Laura G. Burke, MD, MPH; Thomas C. Tsai, MD, MPH; Jie Zheng, PhD; E. John Orav, PhD; and Ashish K. Jha, MD, MPH
Although concerns remain that expanding insurance coverage may have a “crowding-out” effect, we saw no evidence of this for Medicaid beneficiaries in Massachusetts following statewide health reform.
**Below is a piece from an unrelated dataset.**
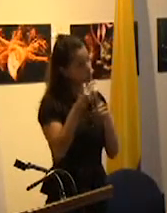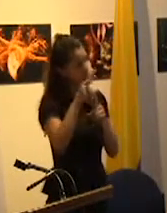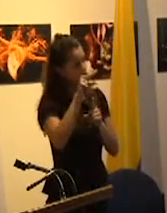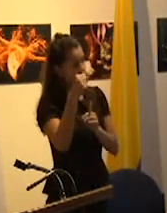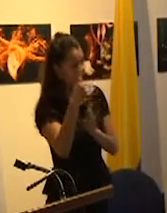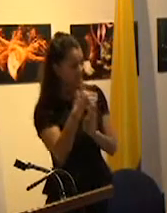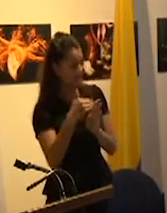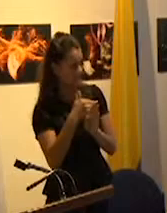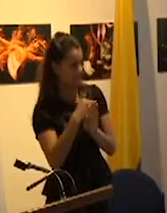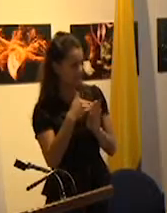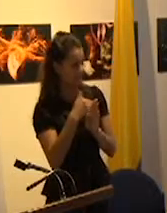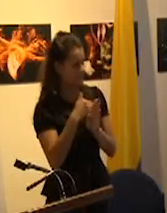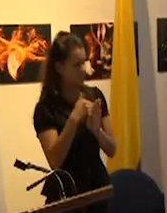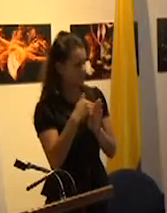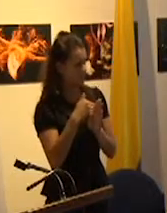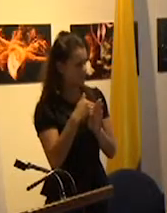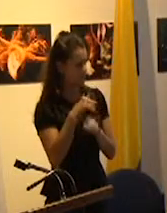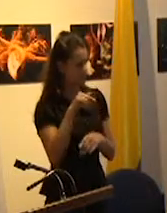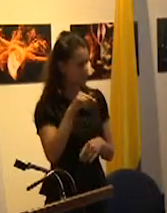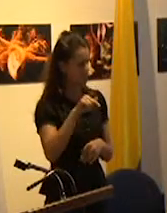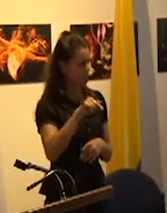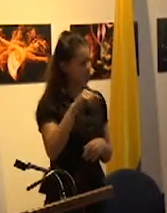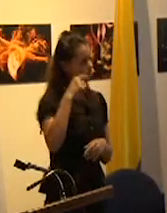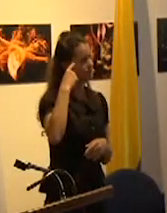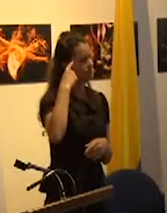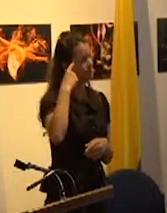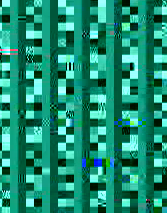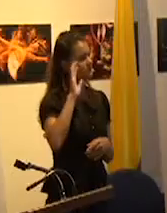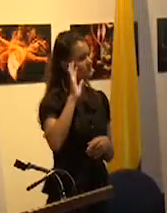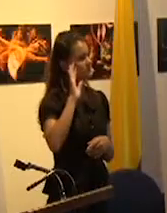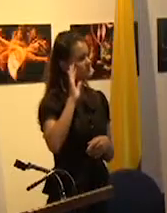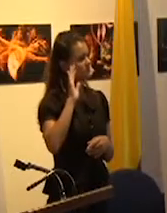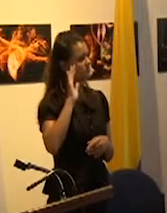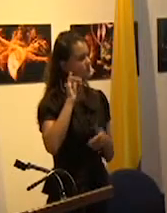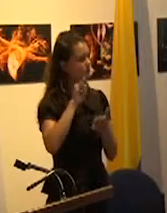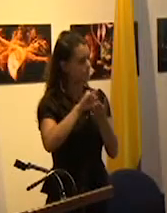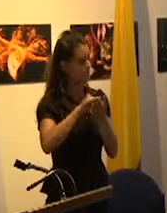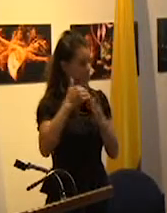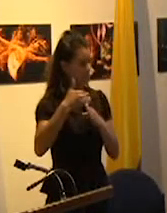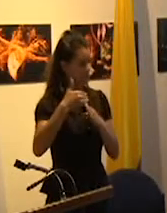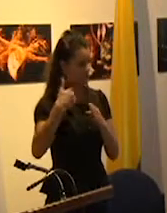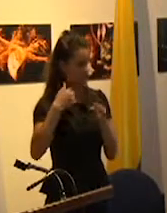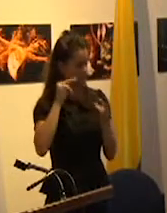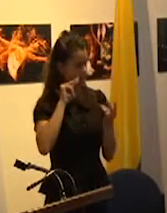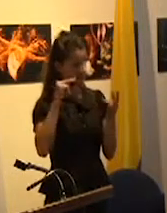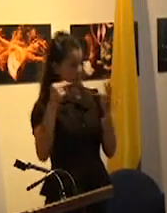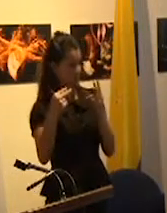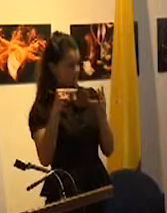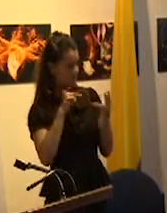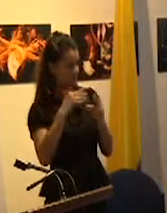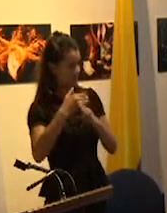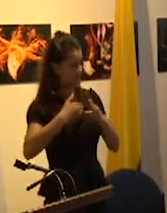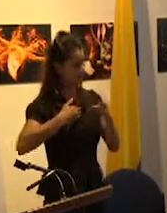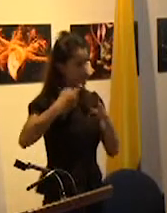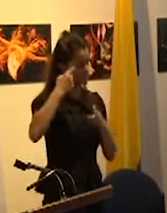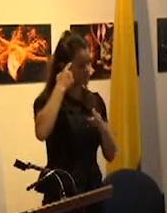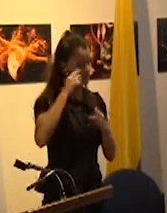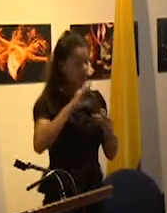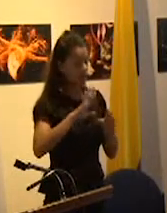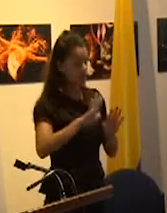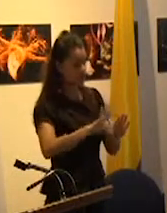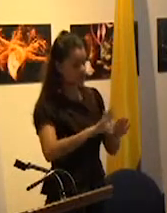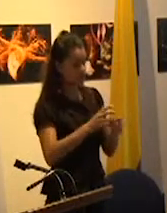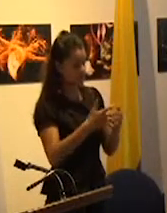ya no es la perspectiva que veíamos en la configuración del sistema
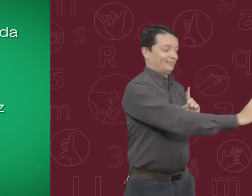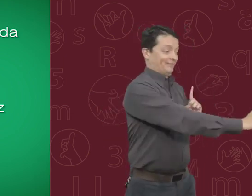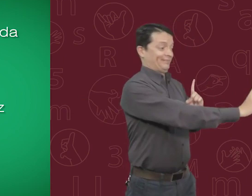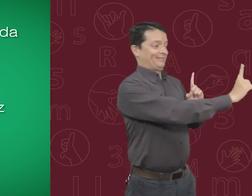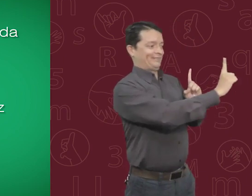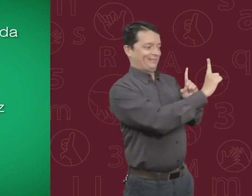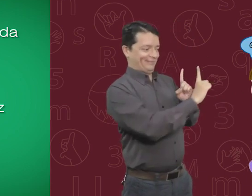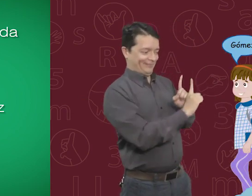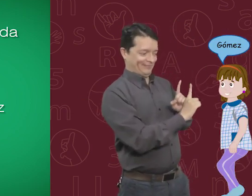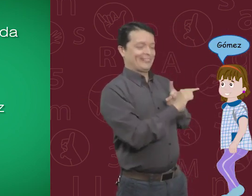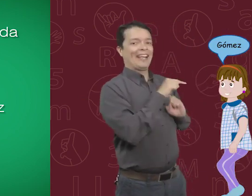formado.

Our analytic sample consisted of 127,532 beneficiaries in Massachusetts with 16,437 inpatient discharges in 2006 and 19,603 inpatient discharges in 2009. Control states had a total of 53,925 beneficiaries, with 9607 inpatient discharges in 2006 and 11,299 inpatient discharges in 2009. The proportion of beneficiaries who met each of the inclusion criteria in each state is presented in eAppendix Table A (eAppendices available at The mean number of inpatient stays per beneficiary was similar across states, with the exception of New Hampshire, which had more than double the rate of admissions per beneficiary in both years in comparison with Massachusetts (0.35 admission per beneficiary in New Hampshire in 2009 vs 0.15 admission per beneficiary in Massachusetts). The demographic sample characteristics of our sample population of Medicaid beneficiaries in Massachusetts and control states are presented in Table 1.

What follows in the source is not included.